Germany's AfD forecast to win 20% of the vote
24/2/2025 6:04
For the first time since the
Second World War, a far-right party has come second in a German
national election, a result that will keep it outside government
but make it a fearsome opponent of the ruling parties.
The Alternative for Germany, which has morphed since it was
founded in 2013 from a party of libertarian economists to an
anti-immigration, pro-Russia group, is forecast to have won the
backing of one-in-five Germans.
The AfD has little chance of joining the government as the
other parties maintain a "fire wall" to keep it out of office,
but leader Alice Weidel implied in her victory speech that it
was only a matter of time before that changed.
"Our hand remains outstretched to form a government," she
told supporters, adding that it would be tantamount to
"electoral fraud" if the first-placed conservatives chose to
govern with left-wing parties rather than them.
If that happened, she said, "next time we'll come first."
Weidel, the leader of a nativist party that preaches
traditional family values while raising her children with a
Swiss-based woman of Sri Lankan background, said the AfD was now
"a mainstream party".
Once internationally isolated, it now has an ally in the
White House, where Donald Trump's adviser Elon Musk, the world's
richest person, regularly posts his support.
"It's the most amazing feeling. I've been here since its
founding and to see it on 20% is amazing. We'll be kept out of
coalition, but as you can see, the conservatives are taking all
of our positions," said Gilbert Kalb, an AfD member celebrating
at the party's headquarters.
If cheers were slightly muted, that was because, although
its vote share doubled since 2021, the result fell short of the
more optimistic expectations.
Traditionally a pensioners' party, the AfD made inroads
among the young, many of whom have experienced years of sluggish
economic growth. Exit poll data indicated 22% of
25-to-34-year-olds voted for the party, compared to 10% of those
aged 70 and over.
Ahead of the result, young men in close-fitting suits milled
around at the headquarters, drinking beer and eating bratwurst.

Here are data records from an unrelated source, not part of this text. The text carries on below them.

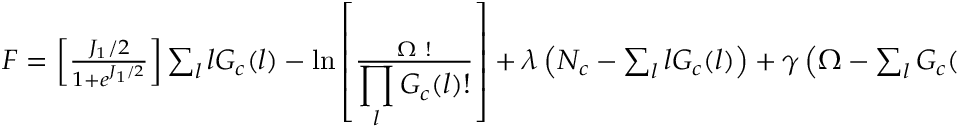
\begin{array} { r } { F = \left[ \frac { J _ { 1 } / 2 } { 1 + e ^ { J _ { 1 } / 2 } } \right] \sum _ { l } l G _ { c } ( l ) - \ln \left[ \frac { \Omega ~ ! } { \displaystyle \prod _ { l } G _ { c } ( l ) ! } \right] + \lambda \left( N _ { c } - \sum _ { l } l G _ { c } ( l ) \right) + \gamma \left( \Omega - \sum _ { l } G _ { c } ( l ) \right) } \end{array}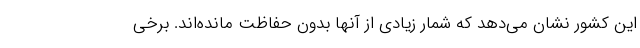
این کشور نشان می‌دهد که شمار زیادی از آنها بدون حفاظت مانده‌اند. برخی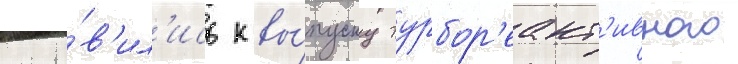
гото́в'ил'ись к вы́пуску турбор'еакт'ивного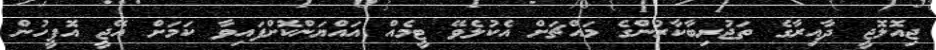
ޖިއޮލޮޖީ ދާއިރާގެ ތަޖުރިބާކާރުންގެ މައްޗަށް އެކުލެވޭ ޓީމެއް އައްޔަންކޮށްފައިވާ ކަމަށް އޭޖީ އޮފީހުން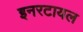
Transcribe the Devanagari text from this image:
इनरटायल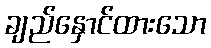
ချည်နှောင်ထားသော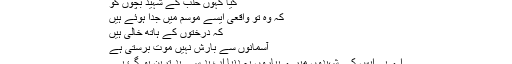
کیا کہوں حلب کے شہید بچوں کو
کہ وہ تو واقعی ایسے موسم میں جدا ہوئے ہیں
کہ درختوں کے ہاتھ خالی ہیں
آسمانوں سے بارش نہیں موت برستی ہے
اے پی ایس کے شہیدوں میرے پیاروں یہ دنیا اب بد سے بد ترین ہو گئ ہے۔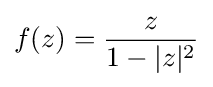
f(z)={\frac {z}{1-|z|^{2}}}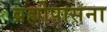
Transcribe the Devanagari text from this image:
ब्रह्मोपासना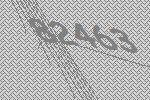
82463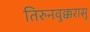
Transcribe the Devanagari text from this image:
तिरुनवुक्करासु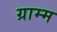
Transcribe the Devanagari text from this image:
ग्राम्म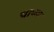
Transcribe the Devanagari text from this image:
चाच्या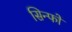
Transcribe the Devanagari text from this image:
सिन्फों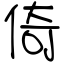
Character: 倚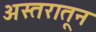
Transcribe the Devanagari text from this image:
अस्तरातून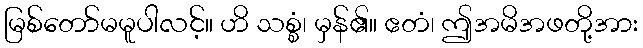
မြစ်တော်မမူပါလင့်။ ဟိ သစ္စံ၊ မှန်၏။ ဧတံ၊ ဤအမိအဖတို့အား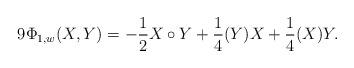
LaTeX: \begin{align*} 9\Phi_{1,w}(X,Y) = -\frac 12 X\circ Y + \frac 14 (Y)X + \frac 14 (X)Y. \end{align*}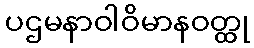
ပဌမနာဝါဝိမာနဝတ္ထု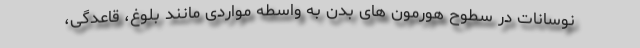
نوسانات در سطوح هورمون های بدن به واسطه مواردی مانند بلوغ، قاعدگی،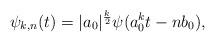
LaTeX: \begin{align*}\psi_{k,n}(t)=|a_0|^{\frac{k}{2}}\psi(a_0^{k}t-nb_0),\end{align*}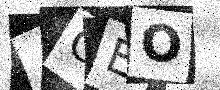
Text: ACEO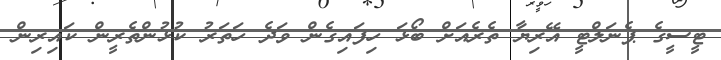
ޓީސީގެ ޕެނަލްޓީ އޭރިޔާ ތެރެއަށް ބޯޅަ ހިފައިގެން ވަދެ ހަތަރު ކުޅުންތެރީން ކައިރިން

The AfD has undergone successive waves of radicalisation
since its founding and is today under surveillance by security
services as an anti-democratic threat to Germany's
constitutional order.
Policies include drastically restricting migration,
disbanding the European Union and dropping support for Ukraine
in its war with Russia.
One leading figure is regional boss Bjoern Hoecke, twice
convicted for shouting slogans of Adolf Hitler's Nazis. Honorary
chairman Alexander Gauland has described the Nazis' genocide of
Europe's Jews as a lone stain that could not disfigure the
glorious sweep of German history.
It became the largest party in Hoecke's home state of
Thuringia last year, and did sufficiently well elsewhere that
only improbable and tricky coalitions of centre-right and far
left could keep them out of office.
Even outside government it reshaped debate away from the
"welcome culture" under which former Chancellor Angela Merkel
let a million refugees settle in 2015, with all mainstream
parties now pledging to tighten immigration controls.
STILL ISOLATED?
Forecasts suggest it will have 23% of seats in parliament,
just under the number needed to set up parliamentary committees
of inquiry that can summon witnesses and set the news agenda.
In a sign of quite how far outside Europe's mainstream it
is, other far right parties, including Marine Le Pen's National
Rally, have refused to work with a party that reminds many
Europeans of Germany's Nazi past.
Some legislators nurture close ties with Russia and China:
one European Parliament member, Petr Bystron is under
investigation for taking payment from a Russian-backed
disinformation outlet. Another, Maximilian Krah, was suspended
after prosecutors said one of his assistants was spying for
China.
There are still formidable barriers in its way: its
headquarters, next to an African restaurant on a side street in
a distant suburb, is far removed from the other parties'
imposing central offices because the stigma surrounding the
party is so great that no landlord agreed to let to them.
But there are signs its political isolation is crumbling:
Weidel received an invitation to Budapest to see Viktor Orban,
who praised her as a "brave woman" after she lambasted a
journalist for describing her party as far-right.
Other populists such as Italian Deputy Prime Minister Matteo
Salvini and Dutch anti-Islam nationalist Geert Wilders offered
congratulations on Sunday.
A year ago, the party seemed to be at a low ebb, buffeted by
revelations by investigative journalists that several of its
most senior members had met at a secret conference outside
Berlin to discuss "remigration" - the deportation of non-ethnic
German holders of German citizenship.
Nationwide protests followed, and the party briefly slipped
in polls, but with the economy in crisis and a population
disconcerted by war, it scored record results in four successive
regional elections in the autumn.
The president of Germany's Central Jewish Council, Josef
Schuster, told Welt newspaper he was shocked at the strength of
the AfD's result.
"This should worry all of us, that a fifth of German voters
have voted for a party that in at least some of its policies is
far-right, and which in its language and ideology seeks clear
links with the radical right and neo-Nazism ...," he said.